Many different answers to this question. First, let's look at why "drain the tank" is useful. You're trying to improve your peak performance and if you train at 70%, you'll not be as effective at training your performance at 100%. Now this needs to be power output, not just riding until you drop, but you want to be doing hard workouts on a programmed schedule -- not every day, but on a rotation with other workouts (see below) -- because they will train your body to adapt at the limit of its current performance. And that is what training is really about -- extending your limits.

What to be careful of? First, let's say you do a 100% effort and achieve a personal best. Let's say you even rest til your heart is back down and you've had a chance to recover your phosphate levels in your blood. Then the next one you can only do at 85% of that. Well, you aren't training to extend your limits any longer, and that second effort is just tearing you down (because your next effort will likely only be at 75%) and still isn't training you at your limit. It always comes back to the unpleasant, painful fact that the best training is what extends your limits, and to do that you have to train at your limits.

Your body will actually respond quite quickly with improvements if you can train at the limit. Many people who train endlessly and don't find improvement are often training at 80% and just never teaching their body to work at new levels. The Australian national track coaches have always had a policy with their athletes -- you get out on the track and you go for max. If you set a personal best, you stop and go home. No more efforts. Both physiologically and psychologically, it's the strongest approach to take. Additionally, if you get out on the track and you do well under your previous level, you also go home. Whatever the reason is, you aren't going to be training in a productive manner that day and anything you do will be counterproductive.

These are of course approaches focused on power efforts and to some extent on anaerobic efforts. When it comes to aerobic efficiency or to anaerobic tolerance, you can ride at, say, 85% and train your body to extended and tolerable output at higher levels. For a time trialist that kind of training can support your ability to ride at a higher level for an extended period of time (and bear in mind that your body may be capable of considerably more, but your mind can only handle so much pain, so this is psychological training as much as physiological for all but the most incredibly gifted). Efforts like Tabatas are one way to push this kind of training, but note that you have to do them at 85%, not 100%. After a series of 85% repeat intervals, you will still be tanked, but if you do your first at 100%, then your next is at 85%, your next at 75%, etc., you aren't doing them right. Your body is rather dumb and adapts for exactly what it is experiencing, and that last workout isn't training it for continuous high-level output.

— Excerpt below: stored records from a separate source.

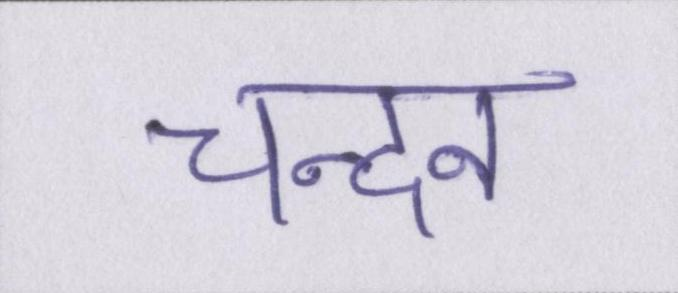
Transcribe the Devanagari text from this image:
चन्दन
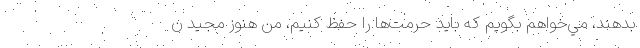
بدهند، مي‌خواهم بگويم كه بايد حرمت‌ها را حفظ كنيم، من هنوز مجيد ن
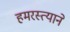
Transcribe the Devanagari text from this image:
हमरस्त्याने
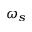
\omega _ { s }
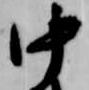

You said hill climbs. If you want the power and want to be able to work at the limit of your tolerance in respiratory and muscle pain, workouts like Tabatas may not be as useful. Instead, you may want to do power curves, where you start at 80% and ramp yourself up to 100% until you completely die. Your body should be able to subsist for quite a while at 80%, but here you're taking yourself right to the limit and riding until you are completely spent. Then stop, fall onto a crash pad, throw up, and when you're feeling better, take a bath and a nap and rest. No more workouts. The trick on that effort is to make the ramp at the right slope -- too fast and you kill yourself pretty fast, too slow and you're going to tire your muscles so that your 100% effort isn't at the same high mark. Just be sure if you are watching power that you keep increasing until you quit. Lots of loud music really helps. Indoors, a strong fan helps. And seriously, get a crash pad for bouldering and spread it next to your bike. When you finish, you can just fall over onto it, curl up, and die. You don't want to try to sit on your bike after this effort. Spinning your legs down sounds nice in practice but if you've really done 100%, your legs won't turn any longer. This is what you see when a rider pulls his absolutely max to a major hilltop finish and then just freezes up on the bike and has to be caught by a soigneur before he crashes and carried by two team staffers to his bus. Unfortunately, most people train hill climbs at a sustaining level and become pretty fit, but don't actually adapt their bodies to climb faster. If you do a workout like this (and it's really only one workout in a day -- good for those of us who have to work and lead a life as well as train) once a week, you should see a progression in power. If your progression dips, you need to rest. You want each new effort to be at least some margin better than the previous one. Same rule as for the Aussie track riders -- if you do better, you stop, go home, and rest. If you can't get close to your previous level, your body needs rest or you are otherwise distracted or handicapped, so stop, go home, and rest.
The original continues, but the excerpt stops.